OMV said that, at present, it is unable to achieve voting control in MOL due to a number of technical impediments, including the 10% voting restriction in MOL’s articles of association. OMV said that once the impediments are removed, its offer will be conditional solely on securing at least 50% voting control of MOL and securing EU anti-trust approval.

OMV said that it is therefore seeking to engage in active discussions with the independent shareholders, the European Commission and other stakeholders in MOL so that these impediments can be removed and MOL’s independent shareholders can decide on the merits of the offer. OMV said that, so far, MOL board has denied its shareholders this choice.

To start the process of removing the impediments, as well as announcing its declaration of intent, OMV has sent a letter to MOL’s board of directors inviting it to enter into a constructive dialogue, with the ultimate objective of realizing a combination that would enhance the strengths of both companies and benefit all stakeholders.

OMV outlined its commitment to Hungary and went on to say that it believes that improved efficiency in the upstream, downstream and petrochemical divisions would help the combined group deliver total pre-tax synergies of approximately E400 million a year.

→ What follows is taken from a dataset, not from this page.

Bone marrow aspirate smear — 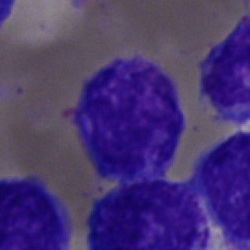

Classification: blast.

However, MOL said that OMV’s estimation regarding the E400 million synergies ignores the loss of value arising from the disposals program that would be required by the anti-trust authorities, among other issues. It also said that the merger would be value destructive and in a press release on the matter, concluded: OMV’s move does not merit further consideration and MOL will not be entering into dialogue with OMV to discuss the approach.